◆ Work item:
The lines to extract run from the start of the records through the line with "#511 = DIRECTION", both ends included; drop the pictures.
-- Opening Marker --
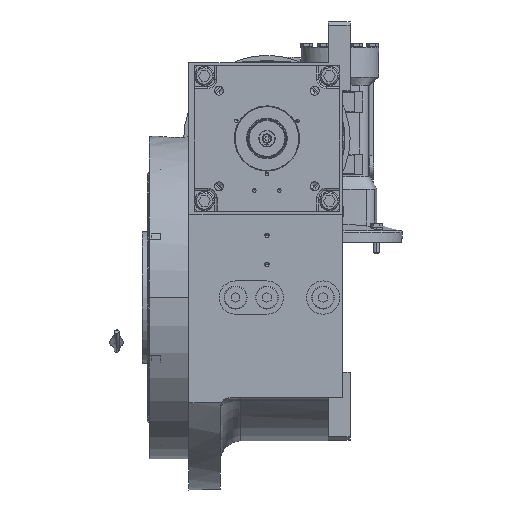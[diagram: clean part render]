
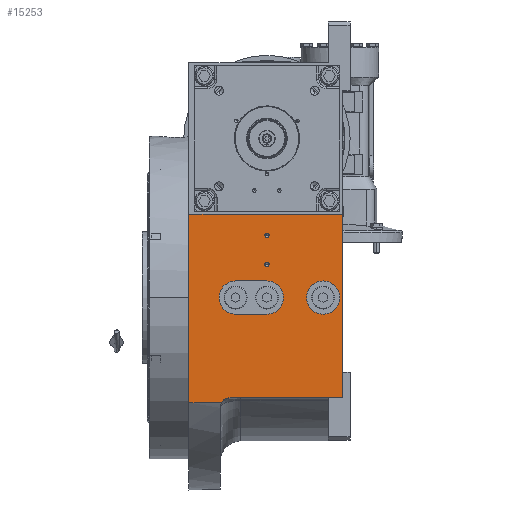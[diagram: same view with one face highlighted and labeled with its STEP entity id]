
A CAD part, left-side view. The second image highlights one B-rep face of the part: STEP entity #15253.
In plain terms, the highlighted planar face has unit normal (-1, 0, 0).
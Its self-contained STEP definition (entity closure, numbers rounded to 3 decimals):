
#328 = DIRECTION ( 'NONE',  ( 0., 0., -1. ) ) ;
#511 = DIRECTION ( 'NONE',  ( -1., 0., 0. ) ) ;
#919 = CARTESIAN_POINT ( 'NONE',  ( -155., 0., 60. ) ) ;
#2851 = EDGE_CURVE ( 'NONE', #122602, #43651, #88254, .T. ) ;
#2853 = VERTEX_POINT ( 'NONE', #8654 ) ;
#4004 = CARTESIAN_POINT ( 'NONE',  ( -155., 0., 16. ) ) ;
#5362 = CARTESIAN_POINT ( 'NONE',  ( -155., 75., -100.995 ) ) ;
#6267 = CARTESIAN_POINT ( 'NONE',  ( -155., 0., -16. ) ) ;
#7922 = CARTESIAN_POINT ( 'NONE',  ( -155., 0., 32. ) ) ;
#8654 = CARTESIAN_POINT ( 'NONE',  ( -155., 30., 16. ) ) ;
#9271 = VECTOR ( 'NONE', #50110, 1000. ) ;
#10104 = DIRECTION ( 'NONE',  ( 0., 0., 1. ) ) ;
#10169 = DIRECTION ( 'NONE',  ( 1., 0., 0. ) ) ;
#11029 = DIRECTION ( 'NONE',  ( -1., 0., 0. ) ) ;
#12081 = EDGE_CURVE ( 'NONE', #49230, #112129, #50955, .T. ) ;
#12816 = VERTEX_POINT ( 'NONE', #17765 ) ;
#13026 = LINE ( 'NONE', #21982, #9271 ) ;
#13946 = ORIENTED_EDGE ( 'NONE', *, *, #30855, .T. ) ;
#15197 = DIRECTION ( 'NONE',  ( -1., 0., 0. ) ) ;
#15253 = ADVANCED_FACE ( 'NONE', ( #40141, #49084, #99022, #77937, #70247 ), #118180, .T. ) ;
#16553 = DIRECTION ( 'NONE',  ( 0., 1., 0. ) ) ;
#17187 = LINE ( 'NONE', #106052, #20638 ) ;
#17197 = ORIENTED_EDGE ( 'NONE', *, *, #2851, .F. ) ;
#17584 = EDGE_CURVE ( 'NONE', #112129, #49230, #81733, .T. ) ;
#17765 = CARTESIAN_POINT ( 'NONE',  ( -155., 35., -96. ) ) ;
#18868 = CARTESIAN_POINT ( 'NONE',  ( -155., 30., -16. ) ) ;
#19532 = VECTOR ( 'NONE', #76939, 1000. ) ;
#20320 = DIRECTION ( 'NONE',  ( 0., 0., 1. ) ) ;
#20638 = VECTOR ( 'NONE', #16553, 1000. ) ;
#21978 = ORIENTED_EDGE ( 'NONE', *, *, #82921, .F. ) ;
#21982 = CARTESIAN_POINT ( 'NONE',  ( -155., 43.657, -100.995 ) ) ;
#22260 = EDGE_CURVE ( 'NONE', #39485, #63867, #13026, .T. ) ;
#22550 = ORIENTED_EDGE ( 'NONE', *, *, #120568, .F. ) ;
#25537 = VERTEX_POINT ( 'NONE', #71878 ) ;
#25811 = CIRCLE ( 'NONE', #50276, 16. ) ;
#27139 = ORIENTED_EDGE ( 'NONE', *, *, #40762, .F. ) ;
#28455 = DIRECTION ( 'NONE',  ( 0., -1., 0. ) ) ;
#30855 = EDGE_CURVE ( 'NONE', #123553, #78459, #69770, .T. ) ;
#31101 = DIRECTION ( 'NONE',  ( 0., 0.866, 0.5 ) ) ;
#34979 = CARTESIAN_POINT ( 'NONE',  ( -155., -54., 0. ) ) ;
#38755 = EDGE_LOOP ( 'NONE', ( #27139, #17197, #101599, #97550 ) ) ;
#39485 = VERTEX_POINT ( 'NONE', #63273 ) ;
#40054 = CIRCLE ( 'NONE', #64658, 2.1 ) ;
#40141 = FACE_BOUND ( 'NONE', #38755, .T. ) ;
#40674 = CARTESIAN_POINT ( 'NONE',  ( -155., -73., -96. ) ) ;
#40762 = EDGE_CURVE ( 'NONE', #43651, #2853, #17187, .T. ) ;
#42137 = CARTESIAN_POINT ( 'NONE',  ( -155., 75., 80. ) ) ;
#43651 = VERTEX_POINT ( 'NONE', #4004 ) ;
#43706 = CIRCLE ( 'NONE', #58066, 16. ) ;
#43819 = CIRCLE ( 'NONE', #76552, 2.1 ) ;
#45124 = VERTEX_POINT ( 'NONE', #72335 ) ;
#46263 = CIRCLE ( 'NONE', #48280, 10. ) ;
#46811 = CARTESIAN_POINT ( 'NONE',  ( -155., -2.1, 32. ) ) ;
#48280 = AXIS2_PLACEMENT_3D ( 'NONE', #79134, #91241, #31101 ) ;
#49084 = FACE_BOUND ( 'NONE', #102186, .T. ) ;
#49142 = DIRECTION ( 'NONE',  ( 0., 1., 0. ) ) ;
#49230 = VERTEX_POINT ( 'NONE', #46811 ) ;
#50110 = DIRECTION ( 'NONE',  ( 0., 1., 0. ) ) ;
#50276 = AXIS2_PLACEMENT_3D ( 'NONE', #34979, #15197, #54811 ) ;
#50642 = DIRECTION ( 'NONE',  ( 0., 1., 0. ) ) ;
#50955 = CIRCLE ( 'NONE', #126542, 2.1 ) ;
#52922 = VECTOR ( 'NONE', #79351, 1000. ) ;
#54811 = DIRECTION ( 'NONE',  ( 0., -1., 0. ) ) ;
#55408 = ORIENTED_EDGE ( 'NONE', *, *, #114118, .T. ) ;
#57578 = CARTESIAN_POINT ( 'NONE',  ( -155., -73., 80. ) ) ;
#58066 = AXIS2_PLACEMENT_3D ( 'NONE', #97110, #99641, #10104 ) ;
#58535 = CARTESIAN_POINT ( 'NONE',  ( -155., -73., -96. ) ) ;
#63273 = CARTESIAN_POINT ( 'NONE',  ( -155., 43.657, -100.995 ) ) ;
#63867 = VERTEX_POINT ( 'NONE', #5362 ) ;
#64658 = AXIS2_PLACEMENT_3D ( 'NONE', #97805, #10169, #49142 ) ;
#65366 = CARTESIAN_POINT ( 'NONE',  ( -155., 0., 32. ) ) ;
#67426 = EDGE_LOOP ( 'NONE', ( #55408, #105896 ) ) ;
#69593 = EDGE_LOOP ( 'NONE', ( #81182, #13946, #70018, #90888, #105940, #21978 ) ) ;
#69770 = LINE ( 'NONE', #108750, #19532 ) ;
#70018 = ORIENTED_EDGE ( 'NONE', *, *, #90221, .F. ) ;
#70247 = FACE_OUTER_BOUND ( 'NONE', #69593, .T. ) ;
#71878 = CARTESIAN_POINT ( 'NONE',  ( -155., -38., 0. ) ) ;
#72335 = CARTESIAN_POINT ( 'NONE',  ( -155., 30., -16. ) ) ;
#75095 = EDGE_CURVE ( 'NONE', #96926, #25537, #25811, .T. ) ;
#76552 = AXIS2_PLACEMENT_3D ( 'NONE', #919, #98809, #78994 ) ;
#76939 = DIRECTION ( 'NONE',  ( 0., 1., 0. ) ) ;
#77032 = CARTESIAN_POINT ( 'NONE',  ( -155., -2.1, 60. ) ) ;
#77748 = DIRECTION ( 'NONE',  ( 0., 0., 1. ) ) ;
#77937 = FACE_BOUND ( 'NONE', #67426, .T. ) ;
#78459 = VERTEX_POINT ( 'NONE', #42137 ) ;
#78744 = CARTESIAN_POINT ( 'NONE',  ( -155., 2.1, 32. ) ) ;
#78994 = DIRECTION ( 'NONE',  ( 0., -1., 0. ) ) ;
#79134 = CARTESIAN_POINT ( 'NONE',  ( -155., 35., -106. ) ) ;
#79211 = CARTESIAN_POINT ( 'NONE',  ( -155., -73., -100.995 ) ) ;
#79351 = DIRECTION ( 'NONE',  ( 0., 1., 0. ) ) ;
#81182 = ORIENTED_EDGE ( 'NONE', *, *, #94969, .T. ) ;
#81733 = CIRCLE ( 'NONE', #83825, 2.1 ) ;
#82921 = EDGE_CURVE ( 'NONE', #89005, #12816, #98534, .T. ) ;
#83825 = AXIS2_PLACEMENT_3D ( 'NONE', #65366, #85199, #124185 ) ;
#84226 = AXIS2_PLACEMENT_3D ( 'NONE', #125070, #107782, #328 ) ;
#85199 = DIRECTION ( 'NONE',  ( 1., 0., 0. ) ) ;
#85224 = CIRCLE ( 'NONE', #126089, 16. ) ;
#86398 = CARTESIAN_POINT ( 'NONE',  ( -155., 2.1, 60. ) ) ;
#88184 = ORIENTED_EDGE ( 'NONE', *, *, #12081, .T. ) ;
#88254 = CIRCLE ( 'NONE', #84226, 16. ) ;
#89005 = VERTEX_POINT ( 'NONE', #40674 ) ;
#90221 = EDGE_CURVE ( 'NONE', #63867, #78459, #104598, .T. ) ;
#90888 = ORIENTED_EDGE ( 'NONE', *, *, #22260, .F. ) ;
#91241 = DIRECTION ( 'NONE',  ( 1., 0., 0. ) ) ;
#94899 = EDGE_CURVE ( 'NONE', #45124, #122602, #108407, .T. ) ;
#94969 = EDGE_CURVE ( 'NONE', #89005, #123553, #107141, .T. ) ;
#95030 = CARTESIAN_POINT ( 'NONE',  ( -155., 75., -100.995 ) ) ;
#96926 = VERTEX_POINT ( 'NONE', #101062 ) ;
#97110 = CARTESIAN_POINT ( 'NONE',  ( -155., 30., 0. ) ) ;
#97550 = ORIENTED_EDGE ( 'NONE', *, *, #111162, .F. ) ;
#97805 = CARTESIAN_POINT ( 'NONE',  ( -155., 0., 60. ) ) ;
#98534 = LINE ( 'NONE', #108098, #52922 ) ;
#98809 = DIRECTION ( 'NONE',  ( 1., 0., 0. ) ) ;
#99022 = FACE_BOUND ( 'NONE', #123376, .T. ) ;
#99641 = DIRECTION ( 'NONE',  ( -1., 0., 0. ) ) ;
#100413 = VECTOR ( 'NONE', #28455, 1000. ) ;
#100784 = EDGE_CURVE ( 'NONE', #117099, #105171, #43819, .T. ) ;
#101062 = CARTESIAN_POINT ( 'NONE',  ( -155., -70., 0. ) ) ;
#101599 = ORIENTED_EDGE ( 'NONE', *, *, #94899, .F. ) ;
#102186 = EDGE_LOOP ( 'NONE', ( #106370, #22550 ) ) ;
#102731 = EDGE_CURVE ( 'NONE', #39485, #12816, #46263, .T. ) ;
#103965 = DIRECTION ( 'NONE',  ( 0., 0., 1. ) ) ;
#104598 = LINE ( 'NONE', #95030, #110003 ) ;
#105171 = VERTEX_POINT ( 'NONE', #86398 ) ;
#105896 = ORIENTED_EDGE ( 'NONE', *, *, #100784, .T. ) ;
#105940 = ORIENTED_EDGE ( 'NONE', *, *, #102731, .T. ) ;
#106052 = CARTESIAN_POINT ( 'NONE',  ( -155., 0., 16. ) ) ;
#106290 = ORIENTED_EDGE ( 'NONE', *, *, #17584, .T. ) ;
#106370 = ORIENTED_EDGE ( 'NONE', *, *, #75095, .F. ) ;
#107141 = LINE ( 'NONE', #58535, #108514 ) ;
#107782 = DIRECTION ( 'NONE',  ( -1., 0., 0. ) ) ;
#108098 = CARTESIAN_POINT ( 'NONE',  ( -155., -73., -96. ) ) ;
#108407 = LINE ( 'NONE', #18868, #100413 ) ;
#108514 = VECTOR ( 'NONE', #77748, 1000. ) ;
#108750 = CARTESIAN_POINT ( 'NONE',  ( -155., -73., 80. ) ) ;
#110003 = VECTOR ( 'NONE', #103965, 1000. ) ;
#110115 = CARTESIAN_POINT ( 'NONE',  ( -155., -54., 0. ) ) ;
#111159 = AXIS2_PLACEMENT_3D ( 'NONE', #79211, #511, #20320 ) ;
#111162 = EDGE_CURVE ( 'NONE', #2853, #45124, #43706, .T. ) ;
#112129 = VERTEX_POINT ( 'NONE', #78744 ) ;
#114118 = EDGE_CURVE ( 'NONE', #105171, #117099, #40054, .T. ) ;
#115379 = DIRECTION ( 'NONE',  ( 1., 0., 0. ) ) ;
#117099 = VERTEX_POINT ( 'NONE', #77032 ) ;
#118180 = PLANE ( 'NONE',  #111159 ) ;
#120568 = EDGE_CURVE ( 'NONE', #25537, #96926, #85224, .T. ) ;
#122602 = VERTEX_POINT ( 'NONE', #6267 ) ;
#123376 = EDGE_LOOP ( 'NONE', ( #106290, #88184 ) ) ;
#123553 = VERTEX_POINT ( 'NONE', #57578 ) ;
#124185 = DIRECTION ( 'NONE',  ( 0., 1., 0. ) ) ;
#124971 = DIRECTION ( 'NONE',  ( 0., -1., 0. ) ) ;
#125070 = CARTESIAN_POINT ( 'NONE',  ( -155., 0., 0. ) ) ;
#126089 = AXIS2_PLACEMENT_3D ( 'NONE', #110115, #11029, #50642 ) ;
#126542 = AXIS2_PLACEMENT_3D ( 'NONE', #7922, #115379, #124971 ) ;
-- Closing Marker --
◆ The completed task:
[diagram: clean part render]
[diagram: same view with one face highlighted and labeled with its STEP entity id]
A CAD part, left-side view. The second image highlights one B-rep face of the part: STEP entity #15253.
In plain terms, the highlighted planar face has unit normal (-1, 0, 0).
Its self-contained STEP definition (entity closure, numbers rounded to 3 decimals):
#328 = DIRECTION ( 'NONE',  ( 0., 0., -1. ) ) ;
#511 = DIRECTION ( 'NONE',  ( -1., 0., 0. ) ) ;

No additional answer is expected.